To express the pattern formally we use the alternating harmonic sum defined as
$$A(n) = \sum _{k=1}^n \frac{(-1)^{k+1}}{k}\tag{4}$$
Then we can write
$$s_1 = A(3),\\ s_2 = 2 (A(8) -A(3)),\\ s_3 = 3(A(15) - A(8)) $$
and for the partial sums
$$p_1 = s_1 = A(3), \\p_2 = s_1+s_2 = 2 A(8) -A(3), \\p_3 = p_2+s_3 = 3 A(15) - A(8)-A(3)$$
the general partial sum of index $m$ is then
$$p_{m} = m A((m+1)^2-1) - \sum_{k=2}^{m} A(k^2-1)\tag{5}$$
Observing now that
$$A(n) = \sum_{k=1}^n (-1)^{k+1}\int_0^1 x^{k-1}\,dx= \int_0^1 \sum_{k=1}^n (-1)^{k+1} x^{k-1}\,dx= \int_0^1 \frac{1-(-1)^n x^n}{x+1} \, dx\tag{6}$$
we get
$$p_{m} =\int_0^1 \left( \frac{m \left((-1)^{m (m+2)} x^{m (m+2)-1}+1\right)}{x+1}-\sum _{k=2}^m \frac{(-1)^{k^2} x^{k^2-1}+1}{x+1}\right) \,dx\tag{7}$$
Without changing the value we can extend the second sum down to $k=1$. Now we observe that the contribution $\frac{m}{1+x}$ cancels out and that the parity of $k^2$ is the same as that of $k$ and similarly $m(m+2) \sim m$ so that we have
$$p_{m} = \int_0^1 \left(\frac{m \left((-1)^{m} x^{m (m+2)}\right)}{x(x+1)}-\sum _{k=1}^m \frac{(-1)^{k} x^{k^2}}{x(x+1)}\right) \,dx\tag{8}$$
Now we need the limit $m\to\infty$ to get $s=\lim_{m\to \infty } \, p_{m}$.

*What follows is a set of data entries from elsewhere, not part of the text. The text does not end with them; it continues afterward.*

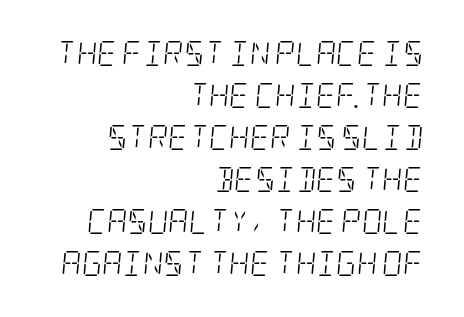
The image shows 25 px text type, italic (leaning right); set right-aligned, normal line spacing (1.68x), normal letter spacing, not underlined.
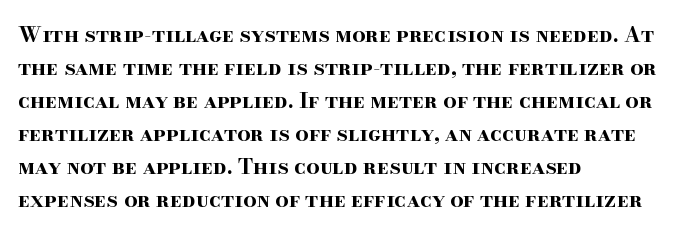
{"italic": "no", "bold": "yes", "underline": "no", "align": "left", "line_spacing": "normal", "line_spacing_ratio": 1.57, "letter_spacing": "normal", "letter_spacing_em": 0.0, "glyph_px": 21}
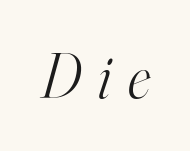
The image shows 63 px light serif type, italic (leaning right); set unusually wide letter spacing (+0.26 em), not underlined; high stroke contrast and a small x-height.
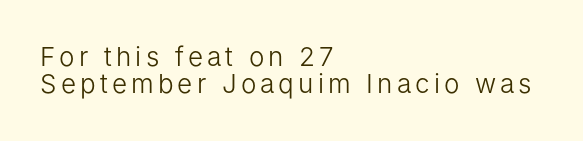
Unlike italic type, these characters show no tilt at all. The zone under the glyphs is completely vacant. Summary of weight: not heavy and not bold. These lines are set flush left with a ragged right edge. Quick note: interline space is minimal.
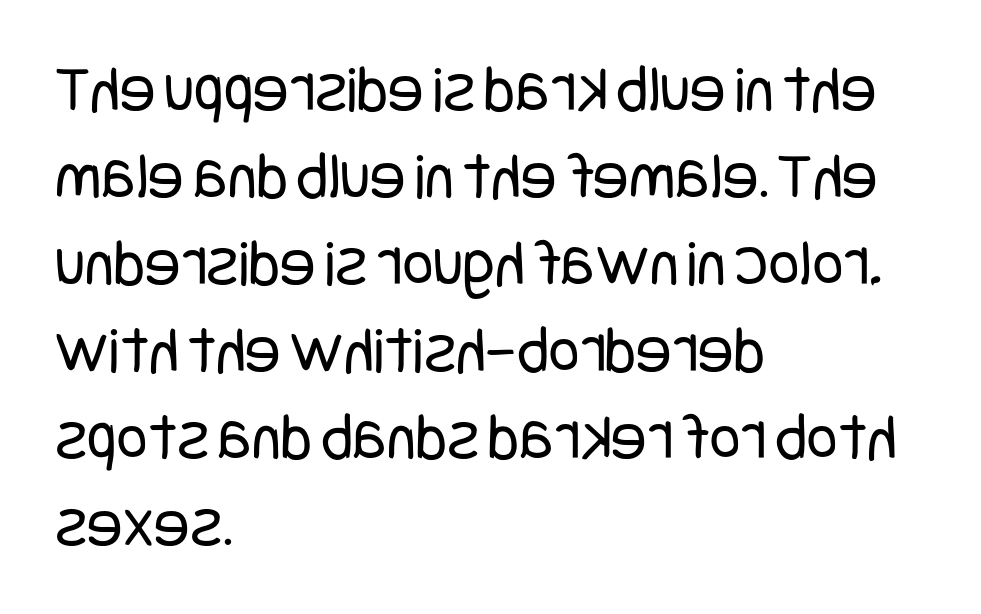
{"serif": "no", "italic": "no", "bold": "no", "weight": "regular", "width": "condensed", "stroke_contrast": "low", "x_height": "large", "underline": "no", "align": "left", "line_spacing": "normal", "line_spacing_ratio": 1.3, "letter_spacing": "normal", "letter_spacing_em": 0.0, "glyph_px": 67}
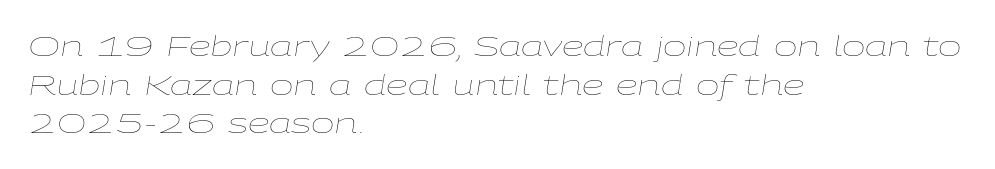
Q: Is the text bold? A: No.
Q: Is the text italic (slanted)? A: Yes, it leans right by about 9 degrees.
Q: Is the text underlined? A: No.
Q: How is the paragraph aligned? A: Left-aligned.
Q: Is the spacing between letters normal or unusually wide? A: Normal.
Q: Is the spacing between lines tight, normal or loose? A: Normal.
Q: Width (condensed, normal, or wide)? A: Wide.
Q: Stroke contrast? A: Low.
Q: x-height? A: Medium.
Q: Monospaced? A: No.
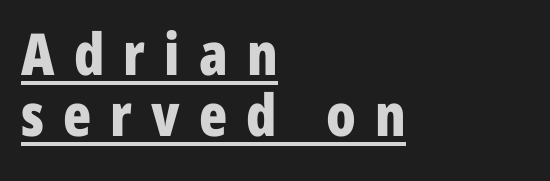
{"serif": "no", "italic": "no", "bold": "yes", "weight": "bold", "width": "condensed", "stroke_contrast": "low", "x_height": "medium", "monospaced": "no", "underline": "yes", "align": "left", "line_spacing": "tight", "line_spacing_ratio": 1.05, "letter_spacing": "wide", "letter_spacing_em": 0.33, "glyph_px": 58}

The first integral is given by
$$I_1(m) = m (-1)^m \int_0^1 \frac{x^{m (m+2)}}{x (x+1)} \, dx\\=\frac{1}{2} (-1)^m m \left(\psi ^{(0)}\left(\frac{1}{2} (m+1)^2\right)-\psi ^{(0)}\left(\frac{1}{2} m (m+2)\right)\right)\tag{9}$$
For $m>>1$ we find that $I_1 \sim \frac{(-1)^m}{2 m}$ so that it vanishes in the limit.
For the limit of the second integral
$$I_2(m) = -\int_0^1 \sum _{k=1}^m \frac{(-1)^{k} x^{k^2}}{x(x+1)} \,dx\tag{10}$$
we have to calculate the sum of the integrand up to $m\to\infty$. Observing $(3)$ we obtain $(2)$. QED.
Discussion
Honestly speaking, I didn't expect to find an integral representation because I thought that sharply discontinuous aggregates like $\left\lfloor x\right\rfloor$ would not lead to a smooth formula. But, luckily, my feelings turned out to be misleading, and I was pushed forward by the rather straightforward derivation itself.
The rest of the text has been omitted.